Rainbow Dash birthday cake

chocolate cake

The daughter of friends just turned five yesterday, and is VERY excited about this. All the things she can do now that she is five! Amazing possibilities, we hear. We were invited to the party, and also asked to provide the birthday cake. Rainbow Dash was requested by the birthday girl: some blue version of the My Little Pony plastic tat world, which is also adored by my my niece. We were happy to try. We were just as happy to pass on the actual party. Twenty feral five-year olds running around a park?
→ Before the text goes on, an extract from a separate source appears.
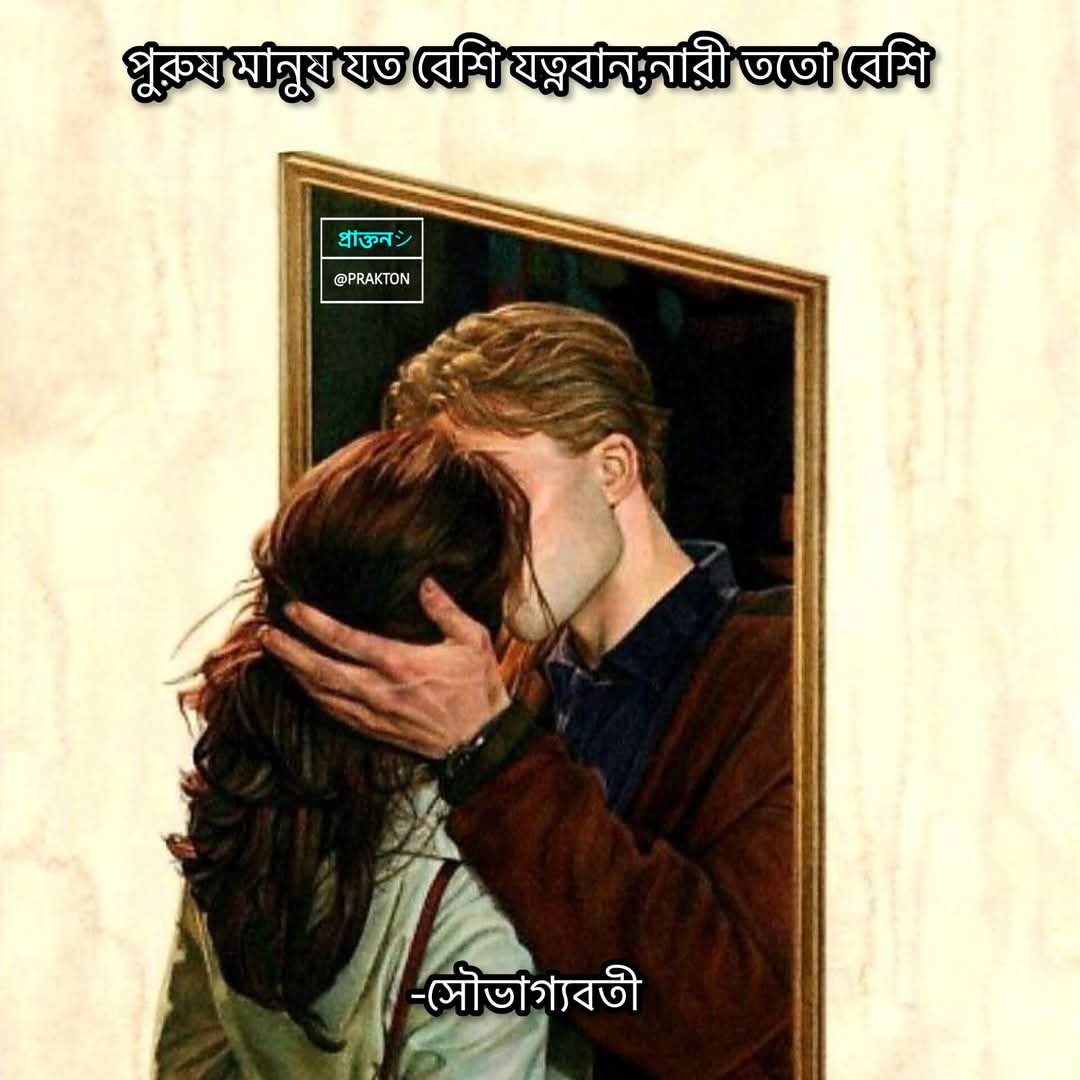
Text: পুরুষ মানুষ যত বেশি যত্নবান নারী ততো বেশি
-সৌভাগ্যবতী
Label: Non Hate

No, thank you……..

Birthday checkerboard cake with cocoa frosting

3 eggs
190 grammes sugar
50 grammes butter
100 ml milk
190 grammes plain flour
2 tbs dark cocoa powder
1 tsp baking powder

Frosting: Powdered sugar, softened butter, milk, cocoa powder
Decorations: Sugar sprinkles, sugar silver balls, fondant.

Whisk eggs and sugar until it is light and airy. (I used 4 eggs, as they were small-ish.) Add butter (melted and cooled), then fold in sifted flour, cocoa, baking powder and milk. I wanted single layers of cake to be stacked, so made this cake three times, in a parchment-lined tin 20×30 cm. In the third, I omitted the cocoa, to get a yellow layer. Bake at 180C for 35-40 min. Cool.

checkerboard cake

The next day, I cut the cake into blocks and stacked them in alternating rows, like a Battenberg cake.  It’s not a cake for carving, but worked well for this. Since we baked this the day before the party, I wanted a cake that would stay moist. The frosting was whipped up with icing sugar, softened butter, a splash of milk and cocoa powder. A little white frosting was kept aside for the edge of the top cut-out, and to glue fondant. I pieced the cake together in a checkerboard pattern with frosting between and top of the layers. The third cake was a base for the pony cut-out.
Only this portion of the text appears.